→ WORK TASK: From the data, copy out every line in which the word "rect" appears.

→ DATA TO EXAMINE:
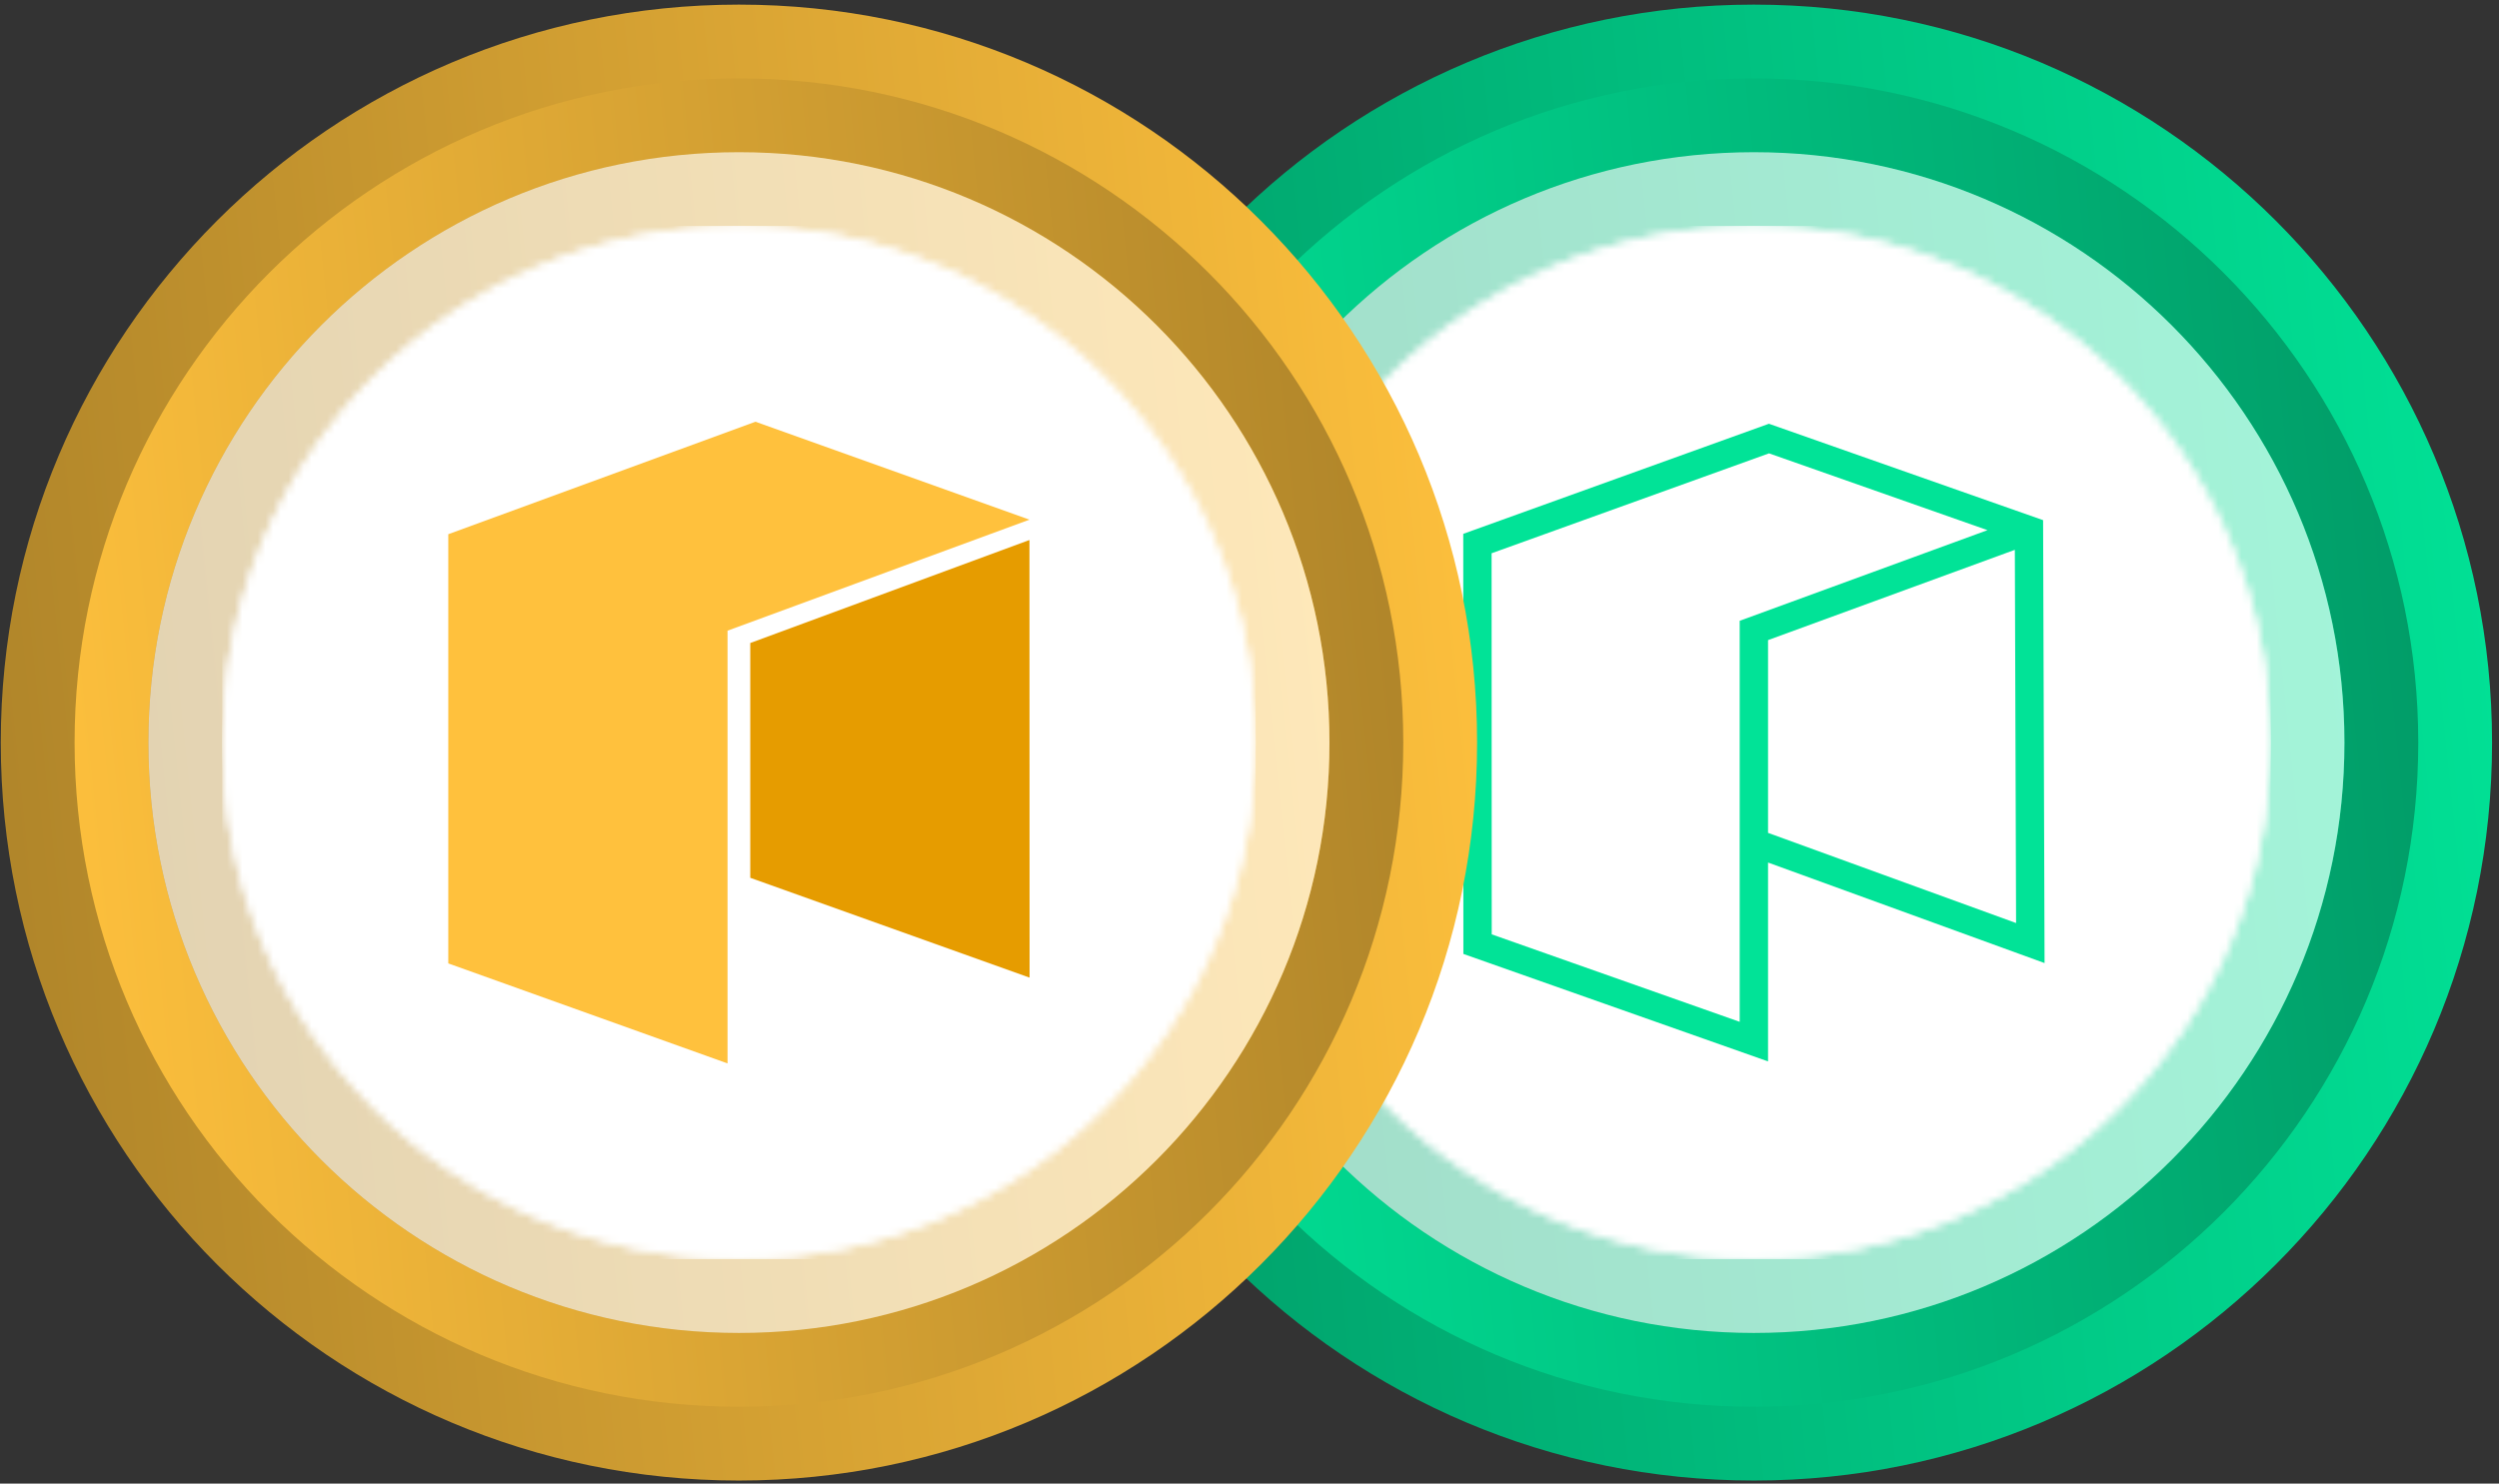 <svg width="325" height="193" viewBox="0 0 325 193" fill="none" xmlns="http://www.w3.org/2000/svg">
<rect x="0" y="0" width="325" height="193" fill="#333333" stroke="none"/>
<path d="M324.099 96.6C324.099 43.58 281.119 0.6 228.098 0.6C175.079 0.6 132.099 43.58 132.099 96.6C132.099 149.617 175.079 192.6 228.098 192.6C281.119 192.6 324.099 149.617 324.099 96.6Z" fill="url(#paint0_linear_863_121446)"/>
<path d="M141.699 96.6C141.699 144.319 180.383 183 228.101 183C275.819 183 314.5 144.319 314.5 96.6C314.499 48.882 275.819 10.2 228.101 10.2C180.383 10.2 141.699 48.882 141.699 96.6V96.6Z" fill="url(#paint1_linear_863_121446)"/>
<path d="M304.899 96.6C304.899 54.184 270.515 19.8 228.098 19.8C185.683 19.8 151.299 54.184 151.299 96.6C151.299 139.014 185.683 173.4 228.098 173.4C270.515 173.4 304.899 139.014 304.899 96.6Z" fill="url(#paint2_linear_863_121446)"/>
<path d="M304.899 96.6C304.899 54.184 270.515 19.8 228.098 19.8C185.683 19.8 151.299 54.184 151.299 96.6C151.299 139.014 185.683 173.4 228.098 173.4C270.515 173.4 304.899 139.014 304.899 96.6Z" fill="white" fill-opacity="0.64"/>
<mask id="mask0_863_121446" style="mask-type:alpha" maskUnits="userSpaceOnUse" x="160" y="29" width="136" height="135">
<path d="M295.299 96.6C295.299 59.488 265.211 29.4 228.098 29.4C190.987 29.4 160.899 59.488 160.899 96.6C160.899 133.712 190.987 163.8 228.098 163.8C265.211 163.8 295.299 133.712 295.299 96.6Z" fill="url(#paint3_linear_863_121446)"/>
<path d="M295.299 96.6C295.299 59.488 265.211 29.4 228.098 29.4C190.987 29.4 160.899 59.488 160.899 96.6C160.899 133.712 190.987 163.8 228.098 163.8C265.211 163.8 295.299 133.712 295.299 96.6Z" fill="white"/>
</mask>
<g mask="url(#mask0_863_121446)">
<g clip-path="url(#clip0_863_121446)">
<rect width="134.4" height="134.4" transform="translate(160.899 29.4)" fill="white"/>
<path d="M228.099 163.8C265.212 163.8 295.299 133.714 295.299 96.6C295.299 59.487 265.212 29.4 228.099 29.4C190.985 29.4 160.899 59.487 160.899 96.6C160.899 133.714 190.985 163.8 228.099 163.8Z" fill="white"/>
<path d="M190.299 69.447L230.051 55.125L265.709 67.664L265.899 125.283L229.938 112.205V138.075L190.316 124.095L190.299 69.447ZM230.065 58.975L193.985 71.974L194.001 121.547L226.251 132.927V80.758L258.479 68.967L230.065 58.975ZM262.034 71.527L229.938 83.27V108.346L262.195 120.075L262.034 71.527Z" fill="#01E397"/>
</g>
</g>
<path d="M192.1 96.6C192.1 43.58 149.12 0.6 96.099 0.6C43.08 0.6 0.1 43.58 0.1 96.6C0.1 149.617 43.08 192.6 96.099 192.6C149.12 192.6 192.1 149.617 192.1 96.6Z" fill="url(#paint4_linear_863_121446)"/>
<path d="M9.7 96.6C9.7 144.319 48.384 183 96.102 183C143.82 183 182.5 144.319 182.5 96.6C182.5 48.882 143.82 10.2 96.102 10.2C48.384 10.2 9.7 48.882 9.7 96.6V96.6Z" fill="url(#paint5_linear_863_121446)"/>
<path d="M172.9 96.6C172.9 54.184 138.516 19.8 96.099 19.8C53.684 19.8 19.3 54.184 19.3 96.6C19.3 139.014 53.684 173.4 96.099 173.4C138.516 173.4 172.9 139.014 172.9 96.6Z" fill="url(#paint6_linear_863_121446)"/>
<path d="M172.9 96.6C172.9 54.184 138.516 19.8 96.099 19.8C53.684 19.8 19.3 54.184 19.3 96.6C19.3 139.014 53.684 173.4 96.099 173.4C138.516 173.4 172.9 139.014 172.9 96.6Z" fill="white" fill-opacity="0.64"/>
<mask id="mask1_863_121446" style="mask-type:alpha" maskUnits="userSpaceOnUse" x="28" y="29" width="136" height="135">
<path d="M163.3 96.6C163.3 59.488 133.212 29.4 96.099 29.4C58.988 29.4 28.9 59.488 28.9 96.6C28.9 133.712 58.988 163.8 96.099 163.8C133.212 163.8 163.3 133.712 163.3 96.6Z" fill="url(#paint7_linear_863_121446)"/>
<path d="M163.3 96.6C163.3 59.488 133.212 29.4 96.099 29.4C58.988 29.4 28.9 59.488 28.9 96.6C28.9 133.712 58.988 163.8 96.099 163.8C133.212 163.8 163.3 133.712 163.3 96.6Z" fill="white"/>
</mask>
<g mask="url(#mask1_863_121446)">
<g clip-path="url(#clip1_863_121446)">
<rect width="134.4" height="134.4" transform="translate(28.9 29.4)" fill="white"/>
<path d="M96.1 163.8C133.213 163.8 163.3 133.714 163.3 96.6C163.3 59.487 133.213 29.4 96.1 29.4C58.986 29.4 28.9 59.487 28.9 96.6C28.9 133.714 58.986 163.8 96.1 163.8Z" fill="white"/>
<path fill-rule="evenodd" clip-rule="evenodd" d="M98.249 54.862L58.3 69.495V125.327L94.618 138.338V82.043L133.885 67.602L98.249 54.862Z" fill="#FFC13D"/>
<path fill-rule="evenodd" clip-rule="evenodd" d="M97.573 83.649V114.191L133.9 127.179L133.883 70.248L97.573 83.649Z" fill="#E69C00"/>
</g>
</g>
<defs>
<linearGradient id="paint0_linear_863_121446" x1="324.099" y1="0.599" x2="114.446" y2="22.336" gradientUnits="userSpaceOnUse">
<stop stop-color="#01E397"/>
<stop offset="1" stop-color="#019A66"/>
</linearGradient>
<linearGradient id="paint1_linear_863_121446" x1="141.7" y1="183.001" x2="330.387" y2="163.438" gradientUnits="userSpaceOnUse">
<stop stop-color="#01E397"/>
<stop offset="1" stop-color="#019A66"/>
</linearGradient>
<linearGradient id="paint2_linear_863_121446" x1="304.899" y1="19.8" x2="137.177" y2="37.189" gradientUnits="userSpaceOnUse">
<stop stop-color="#01E397"/>
<stop offset="1" stop-color="#019A66"/>
</linearGradient>
<linearGradient id="paint3_linear_863_121446" x1="168.805" y1="44.224" x2="284.428" y2="147.988" gradientUnits="userSpaceOnUse">
<stop stop-color="#00E599"/>
<stop offset="1" stop-color="#00AF92"/>
</linearGradient>
<linearGradient id="paint4_linear_863_121446" x1="192.1" y1="0.599" x2="-17.553" y2="22.336" gradientUnits="userSpaceOnUse">
<stop stop-color="#FFC13D"/>
<stop offset="1" stop-color="#AD8329"/>
</linearGradient>
<linearGradient id="paint5_linear_863_121446" x1="9.701" y1="183.001" x2="198.388" y2="163.438" gradientUnits="userSpaceOnUse">
<stop stop-color="#FFC13D"/>
<stop offset="1" stop-color="#AD8329"/>
</linearGradient>
<linearGradient id="paint6_linear_863_121446" x1="172.9" y1="19.799" x2="5.178" y2="37.189" gradientUnits="userSpaceOnUse">
<stop stop-color="#FFC13D"/>
<stop offset="1" stop-color="#AD8329"/>
</linearGradient>
<linearGradient id="paint7_linear_863_121446" x1="36.806" y1="44.224" x2="152.429" y2="147.988" gradientUnits="userSpaceOnUse">
<stop stop-color="#00E599"/>
<stop offset="1" stop-color="#00AF92"/>
</linearGradient>
<clipPath id="clip0_863_121446">
<rect width="134.4" height="134.4" fill="white" transform="translate(160.899 29.4)"/>
</clipPath>
<clipPath id="clip1_863_121446">
<rect width="134.4" height="134.4" fill="white" transform="translate(28.9 29.4)"/>
</clipPath>
</defs>
</svg>

→ THE COMPLETED TASK:
<rect x="0" y="0" width="325" height="193" fill="#333333" stroke="none"/>
<rect width="134.4" height="134.4" transform="translate(160.899 29.4)" fill="white"/>
<rect width="134.4" height="134.4" transform="translate(28.9 29.4)" fill="white"/>
<rect width="134.4" height="134.4" fill="white" transform="translate(160.899 29.4)"/>
<rect width="134.4" height="134.4" fill="white" transform="translate(28.9 29.4)"/>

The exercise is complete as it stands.